Daniel Smith opened his eyes. His throat was desert-dry and desert-hot. He blinked, and the world hardened a little, regrowing its edges. He squeezed his eyes tight and tried opening them again. This time, he could see a blue curtain partitioning his bed from the rest of the room. Was he in a hospital? What had happened? The fire? The smoke? He remembered the fire trucks leaving before dawn. He remembered Cyrus and Antigone unconscious across his bed.
He had been standing in the parking lot, alone with the Golden Lady, staring at the ruins of his life. And there had been … a man. With very worn teeth. And knives.r />
He tried to sit up. An invisible weight on his chest crushed the breath out of him, pinning him down.
Cold fingers stroked his cheek. Dan flinched, twisting his head to the side.
An extremely thin man seated next to Dan’s bed withdrew his hand. He was wearing a jarringly white suit and vest beneath what looked like a tattered and stained lab coat. His thick black hair was slicked into heavy curls at the back and shone like polished wax. His needle-sharp eyes were as pale as blue pearls.

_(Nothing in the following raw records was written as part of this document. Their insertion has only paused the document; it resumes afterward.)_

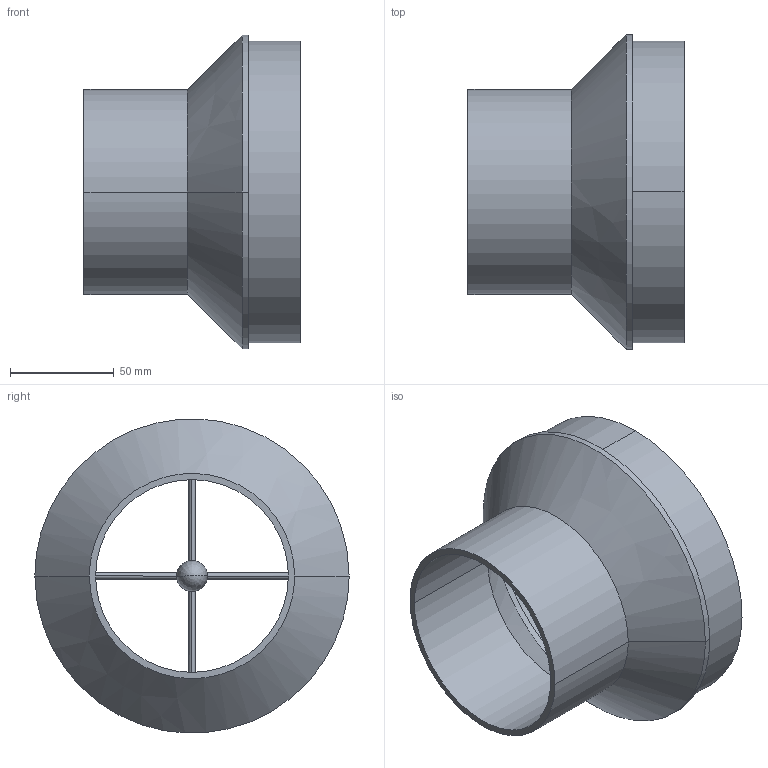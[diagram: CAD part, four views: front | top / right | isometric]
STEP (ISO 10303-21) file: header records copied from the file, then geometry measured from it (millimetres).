
FILE_DESCRIPTION(/* description */ (''),/* implementation_level */ '2;1');
FILE_NAME(/* name */ '1 - Inlet',/* time_stamp */ '2024-01-12T11:36:44-06:00',/* author */ (''),/* organization */ (''),/* preprocessor_version */ 'ST-DEVELOPER v16.5',/* originating_system */ 'Rhino 7.34',/* authorisation */ '');
FILE_SCHEMA (('CONFIG_CONTROL_DESIGN'));
Length unit declared in the file: inch
Products named in the file (1): Document
Bounding box: 104.37 x 151.82 x 151.68 mm (x, y, z)
Volume: 145613.5 mm3; surface area: 95727.5 mm2
Topology: 1 solids, 1 shells, 46 faces, 124 edges, 72 vertices
Faces by surface type: cylinder 26, plane 12, bspline 8
Entity records: 1556 total; most frequent: CARTESIAN_POINT 754, ORIENTED_EDGE 240, EDGE_CURVE 120, VERTEX_POINT 72, EDGE_LOOP 50, ADVANCED_FACE 46, FACE_OUTER_BOUND 46, DIRECTION 42

The man smiled slowly, folding long, tight lines into his cheeks. His teeth were whiter than his suit, and a large gap in the front punctuated his smile like an exclamation mark. “Mr. Smith,” the man said, his voice crawling out slowly in a musical drawl. “Welcome to my home. I apologize for your unconsciousness, and for any pain you may have been caused. My name is Dr. Edwin Phoenix, and I do hope we can be friends. There’s just so much I can do for you and for yours.”
He leaned forward and turned Daniel’s head to the right.
“If we’re friendly, that is.”
Another bed was just beside Dan’s. His mother, breathing softly, as peacefully unconscious as she had been for the past two years, was propped up on pillows.
Phoenix sat back, his smile shrinking. “Are you my friend, Daniel Smith? Do please say yes.”
Dan tried to kick but only managed to wiggle his toes. He tried to roll, but his shoulders wouldn’t come off the mattress. Sweat beaded on his forehead and dripped into his eyes. The man stood and leaned his thin body over the bed, eyes locked on Dan’s.
“Don’t rush your answer, now.” He pressed cold lips against Dan’s forehead, then straightened and turned away.
Anger and panic inflated Dan’s veins. A roar filled his lungs, but it rose from his chest as silent as a breath.
Cyrus Smith jerked, opening his sleep-clouded eyes. He blinked, his mind still half-dreaming. In the doorway, Nolan was writhing, jerking at his skin, scraping his naked body with a knife, peeling off translucent sheets, stepping out of his legs like reptilian socks. The skin, empty and weightless, floated out to the clattering spiders.